NISO Note: The Dublin Core aka NISO
Z39.85 (or ISO 15836) can be downloaded from the NISO website at http://www.niso.org/standards/index.html
"Hot Conference, Cool
Technology"
American Libraries (08/04) Vol. 35, No. 7, P. 68; Pace, Andrew K.
The
American Library Association's Annual Conference featured a number of new
library technologies that generally enhance librarians' ability to manage
resources. Electronic resources management (ERM) systems received the most
coverage, allowing libraries to more efficiently manage their third-party
licensed content, including electronic databases and journals, but the
category is still new and vendors did not offer a good conceptual
definition. Digital asset management (DAM) allow libraries to manage their
local collections and this year's products focused on supporting newer
standards such as XML, the Open Archives Initiative Protocol for Metadata
Harvesting (OAI-PMH), Metadata Encoding and Transmission Standards (METS),
and JPEG2000. MuseGlobal, Ex Libris, WebFeat, and other firms offered a
number of "connecter files" that put off the need for a newer
standard that lowers the bar for non-Z39.50 search broadcasts.
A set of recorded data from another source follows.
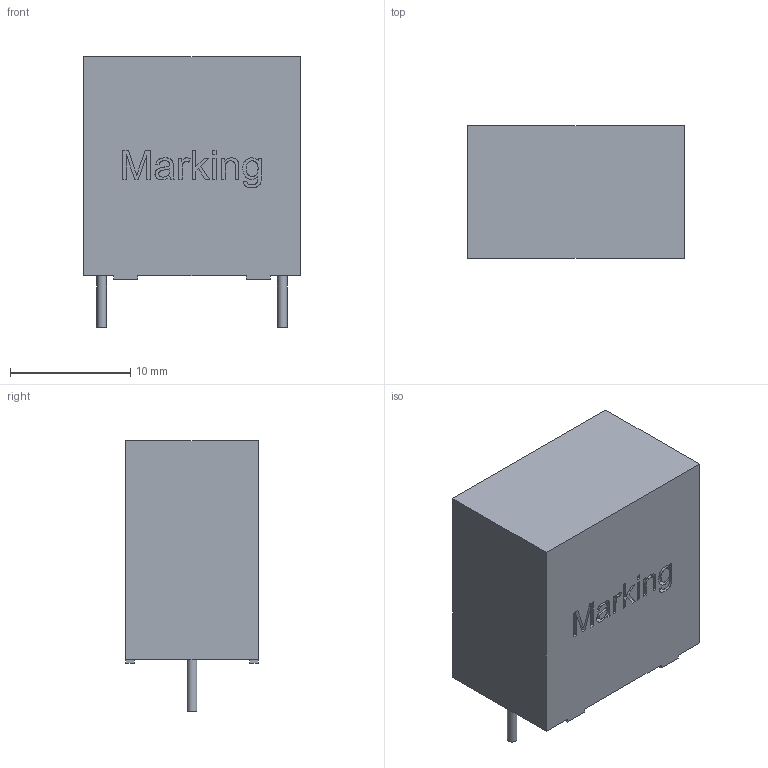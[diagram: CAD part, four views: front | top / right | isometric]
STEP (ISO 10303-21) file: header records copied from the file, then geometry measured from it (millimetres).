
FILE_DESCRIPTION(/* description */ ('Unknown','CAx-IF Rec.Pracs.---Representation and Presentation of Product Manufacturing Information (PMI)---4.0---2014-10-13','CAx-IF Rec.Pracs.---3D Tessellated Geometry---0.4---2014-09-14','2;1'),/* implementation_level */ '2;1');
FILE_NAME(/* name */ 'C_Wurth_WCAP-FTXH-P15L18W11H18.5',/* time_stamp */ '2025-01-13T17:26:24+08:00',/* author */ ('Unknown'),/* organization */ ('Unknown'),/* preprocessor_version */ 'ST-DEVELOPER v16.7',/* originating_system */ 'Solid Edge',/* authorisation */ 'Unknown');
FILE_SCHEMA (('AP242_MANAGED_MODEL_BASED_3D_ENGINEERING_MIM_LF { 1 0 10303 442 1 1 4 }'));
Length unit declared in the file: metre
Products named in the file (2): C_Wurth_WCAP-FTXH-P15L18W11H18.5
Assembly tree (1 placements, depth 2):
  C_Wurth_WCAP-FTXH-P15L18W11H18.5
    C_Wurth_WCAP-FTXH-P15L18W11H18.5
Bounding box: 18 x 11 x 22.5 mm (x, y, z)
Volume: 3493.5 mm3; surface area: 1557.1 mm2
Topology: 1 solids, 1 shells, 104 faces, 268 edges, 178 vertices
Faces by surface type: plane 84, bspline 16, torus 2, cylinder 2
Full cylindrical faces by diameter (mm): 0.8 x2
Entity records: 4880 total; most frequent: CARTESIAN_POINT 1698, ORIENTED_EDGE 526, DIRECTION 417, EDGE_CURVE 263, LINE 225, VECTOR 225, VERTEX_POINT 178, EDGE_LOOP 121

RFID is
perhaps the most rapidly maturing technology, offering libraries
unprecedented inventory-control and customer service opportunities. By
fitting collections with the small radio tags, libraries could enable
self-checkout and more efficient item routing for shelving items, for
example. Biblioteca, Checkpoint, 3M, and VTLS are in the forefront of this
market, which should grow as RFID chip prices fall from the current 60
cents to 90 cents per chip. (www.ala.org).
"Digital Pack Rats"
Atlanta
Journal-Constitution (08/27/04) P. 1F; Fernandez, Don
Evolving
technology standards will be the ultimate filter to help weed out old and
unneeded files, says Carnegie
Mellon University
Data Storage
Systems Center
head Ed Schlesinger. As a result of today's information explosion,
unorganized stores of MP3s, digital video, and images are breaking down the
efficiency and order technology was supposed to bring; peripheral devices
such as digital cameras, set-top television recorders, and MP3 players
encourage computer users to store increasing amounts of data. Schlesinger
says, "These digital pack rats haven't thought about what they're
going to do with this 10 years from now." University
of California at Berkeley
professor Peter Lyman is conducting a study of personal media consumption
at the School
of Information Management
and Systems. "It's like an infinite attic, and we're filling it,"
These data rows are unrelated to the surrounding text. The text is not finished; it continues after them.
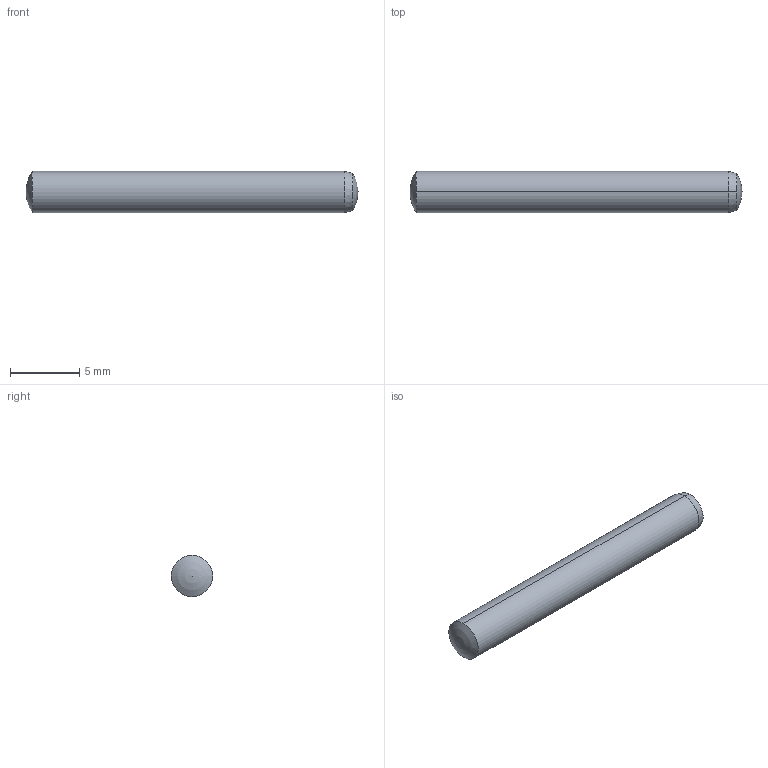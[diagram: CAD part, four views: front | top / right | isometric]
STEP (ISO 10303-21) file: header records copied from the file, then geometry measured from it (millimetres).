
FILE_DESCRIPTION (( 'STEP AP203' ), '1' );
FILE_NAME ('M3 Dowel Pin- 24mm.step_Default_sldprt.STEP', '2022-11-09T04:41:54', ( '' ), ( '' ), 'SwSTEP 2.0', 'SolidWorks 2022', '' );
FILE_SCHEMA (( 'CONFIG_CONTROL_DESIGN' ));
Length unit declared in the file: millimetre
Products named in the file (1): M3 Dowel Pin- 24mm.step_Default_sldprt
Bounding box: 24 x 3 x 3 mm (x, y, z)
Volume: 166.1 mm3; surface area: 232 mm2
Topology: 1 solids, 1 shells, 6 faces, 16 edges, 10 vertices
Faces by surface type: cone 2, cylinder 2, sphere 2
Entity records: 221 total; most frequent: DIRECTION 30, CARTESIAN_POINT 23, ORIENTED_EDGE 20, AXIS2_PLACEMENT_3D 13, EDGE_CURVE 10, PERSON_AND_ORGANIZATION 8, FACE_OUTER_BOUND 6, VERTEX_POINT 6

he says of people's proclivity to save emails, images, and other files on
their computers. National Association of Professional Organizers President
Barry Izsak recently added electronic organizing to the list of services he
performs. The ease of saving files causes people to save more than they
need, he says. Storage technology advances will soon allow CD-size discs to
hold small portraits of every person on the planet, says Carnegie Mellon
University Data
Storage Systems
Center head Ed
Schlesinger. Companies are capitalizing on the explosion of stored digital
files, such as Kodak, which is setting up 25,000 kiosks nationwide where
digital camera users can print images. Moxi is a device that employs
software to choose and organize television programming and other
multimedia. Georgia Tech offers the SMARTech digital repository that
automatically refreshes and updates users' data to the latest formats. (www.ajc.com).